(Data items)
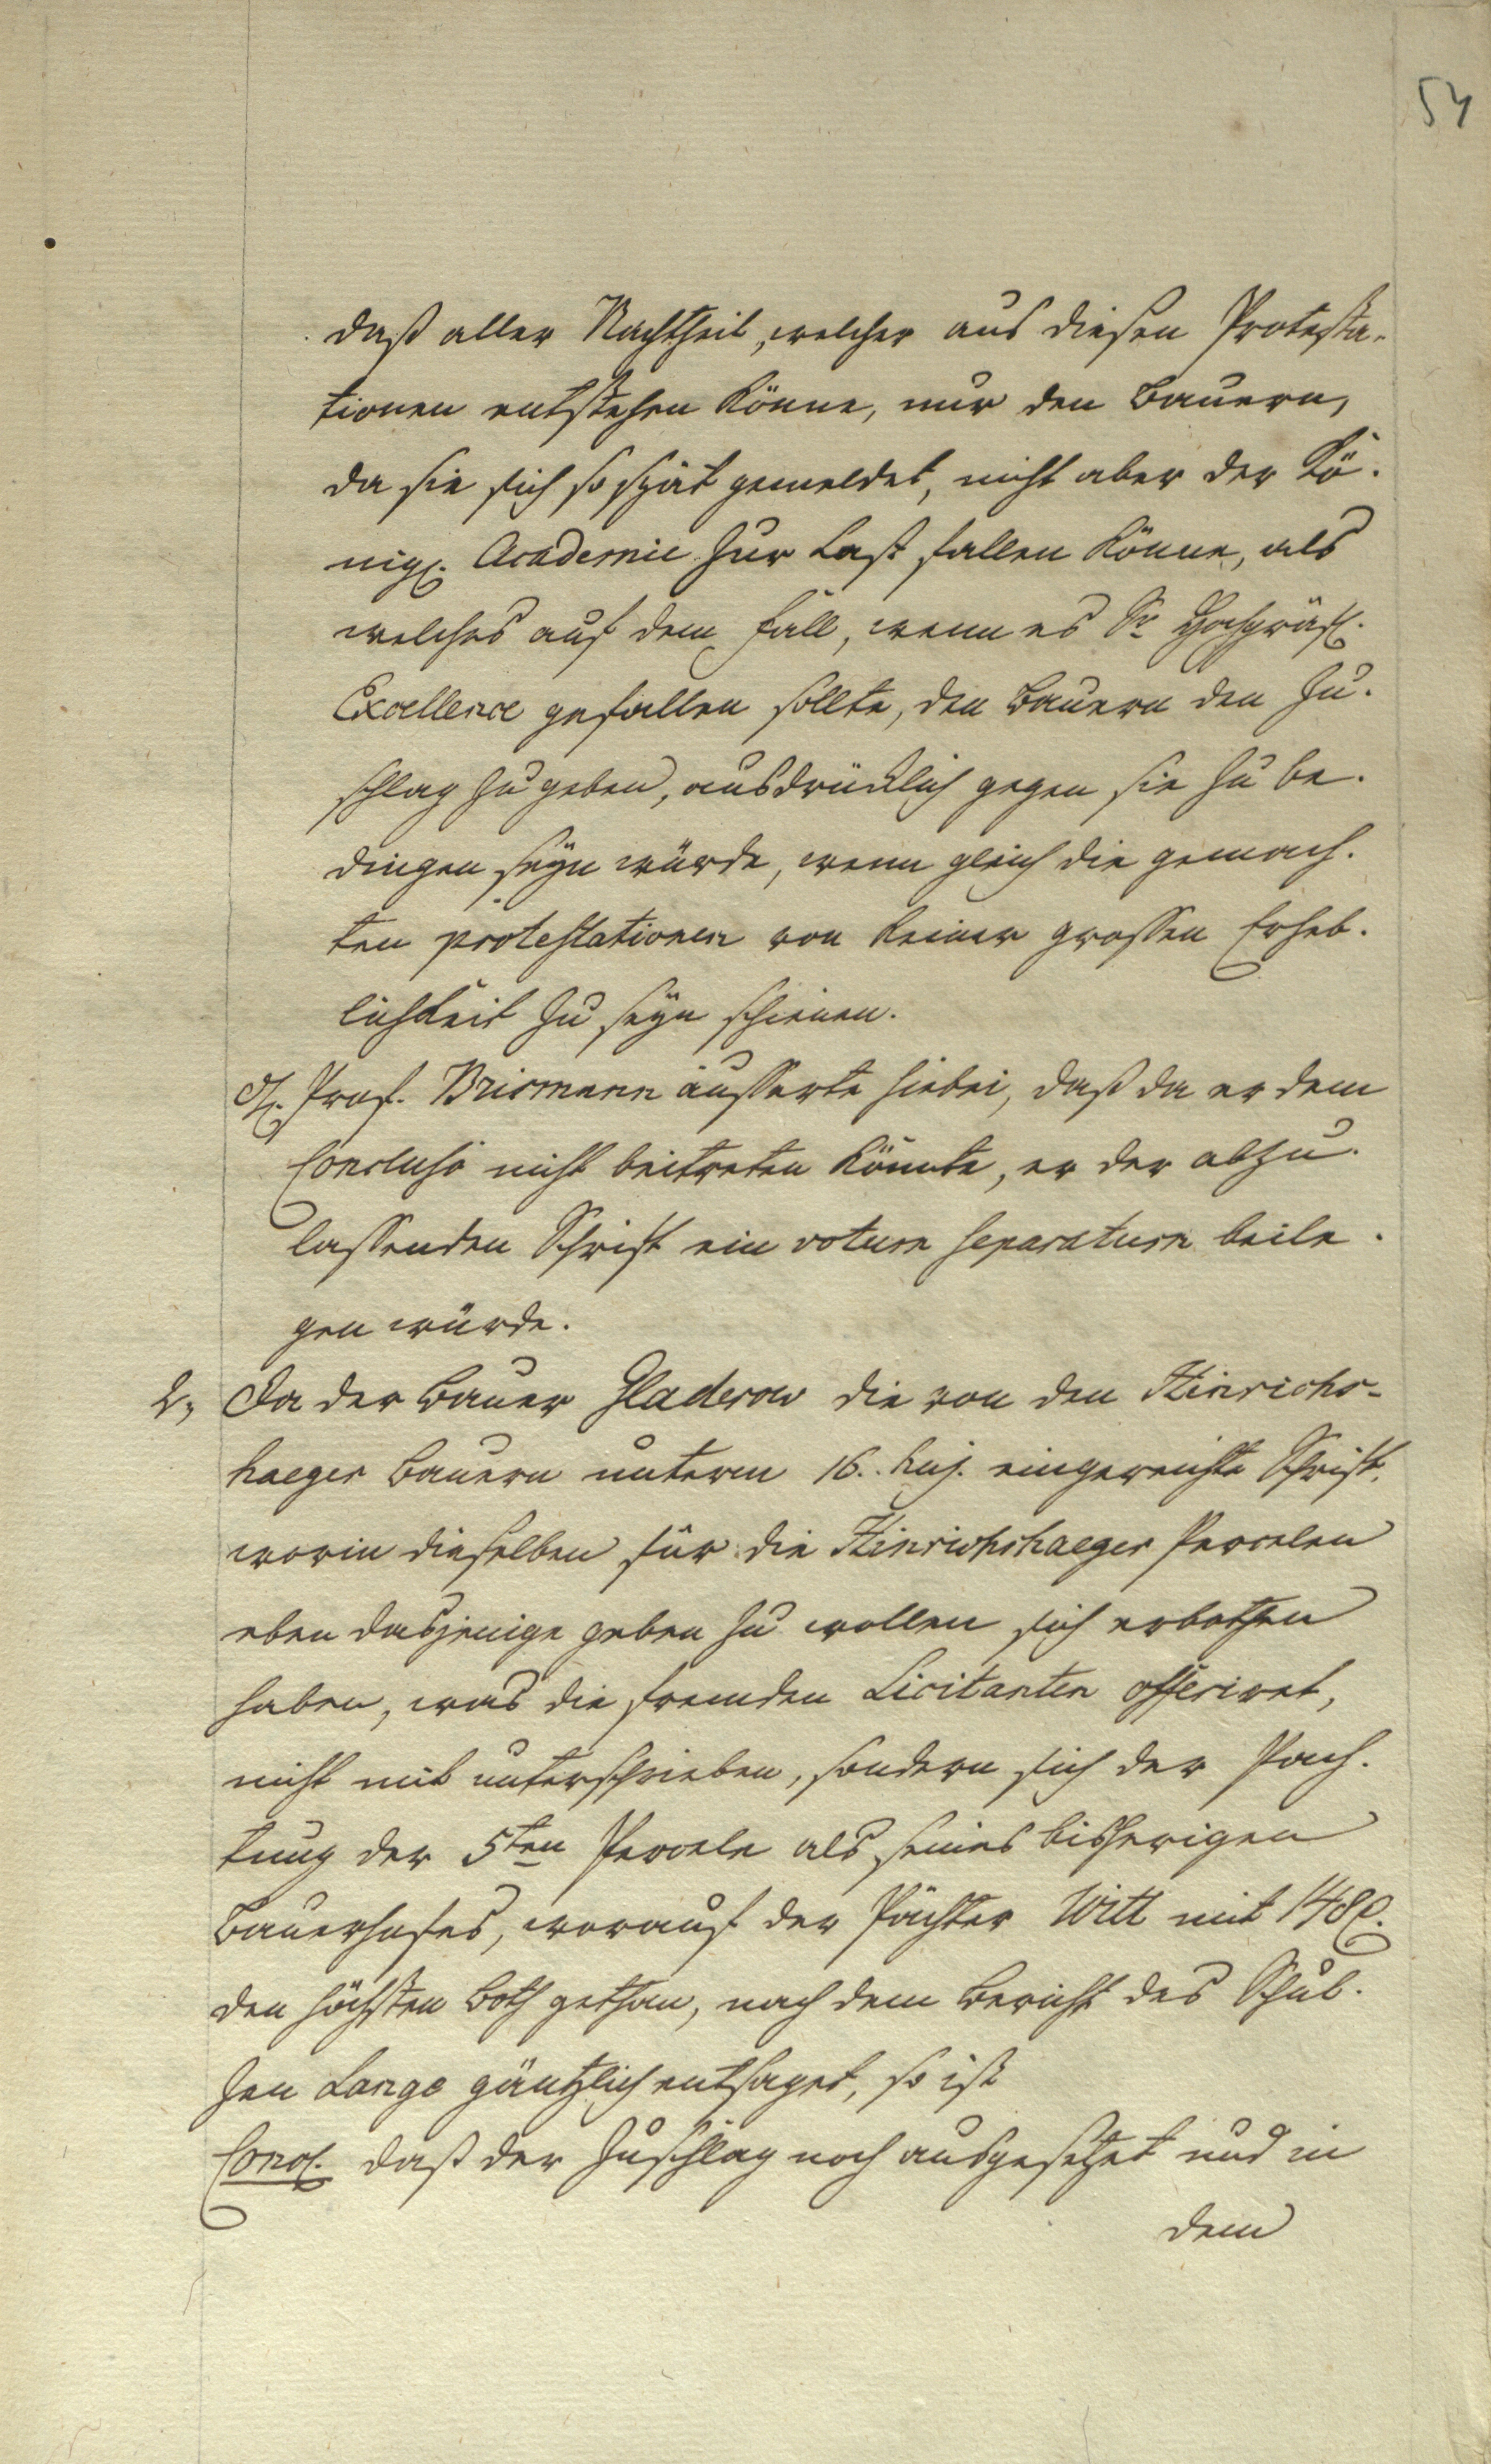daß aller Nachtheil, welcher aus diesen Protesta¬
tionen entstehen könne, nur den Bauern,
da sie sich so spät gemeldet, nicht aber der Kö¬
nigl. Academie zur Last fallen könne, als
welches auf dem Fall, wenn es Sr Hochgräfl.
Excellence gefallen sollte, den Bauern den Zu¬
schlag zu geben, ausdrücklich gegen sie zu be¬
dingen seÿn würde, wenn gleich die gemach¬
ten protestationen von keiner grossen Erheb¬
lichkeit zu seÿn schienen.
dh. Prof. Brismann äusserte hiebei, daß da er dem
Concluso nicht beitreten könnte, er der abzu¬
lassenden Schrift ein votum separatum beile-
gen würde.
2. Da der Bauer Gladerow die von den Hinrichs¬
haeger Bauern unterm 16. huj. eingereichte Schrift,
worin dieselben für die Hinrichshaeger Percelen
eben dasjenige geben zu wollen sich erbothen
haben, was die fremden Licitanten offeriret,
nicht mit unterschrieben, sondern sich der Pach¬
tung der 5 ten Percele als seines bisherigen
Bauerhofes, worauf der Pächter Witt mit 148 l.
den höchsten Both gethan, nach dem Bericht des Schul¬
zen Lange gäntzlich entsaget, so ist
Concl. daß der Zuschlag noch ausgesetzet und in
dem

● EXERCISE AIM
Give the preceding data back exactly, minus every picture.

● OUTPUT FOR THIS TASK
daß aller Nachtheil, welcher aus diesen Protesta¬
tionen entstehen könne, nur den Bauern,
da sie sich so spät gemeldet, nicht aber der Kö¬
nigl. Academie zur Last fallen könne, als
welches auf dem Fall, wenn es Sr Hochgräfl.
Excellence gefallen sollte, den Bauern den Zu¬
schlag zu geben, ausdrücklich gegen sie zu be¬
dingen seÿn würde, wenn gleich die gemach¬
ten protestationen von keiner grossen Erheb¬
lichkeit zu seÿn schienen.
dh. Prof. Brismann äusserte hiebei, daß da er dem
Concluso nicht beitreten könnte, er der abzu¬
lassenden Schrift ein votum separatum beile-
gen würde.
2. Da der Bauer Gladerow die von den Hinrichs¬
haeger Bauern unterm 16. huj. eingereichte Schrift,
worin dieselben für die Hinrichshaeger Percelen
eben dasjenige geben zu wollen sich erbothen
haben, was die fremden Licitanten offeriret,
nicht mit unterschrieben, sondern sich der Pach¬
tung der 5 ten Percele als seines bisherigen
Bauerhofes, worauf der Pächter Witt mit 148 l.
den höchsten Both gethan, nach dem Bericht des Schul¬
zen Lange gäntzlich entsaget, so ist
Concl. daß der Zuschlag noch ausgesetzet und in
dem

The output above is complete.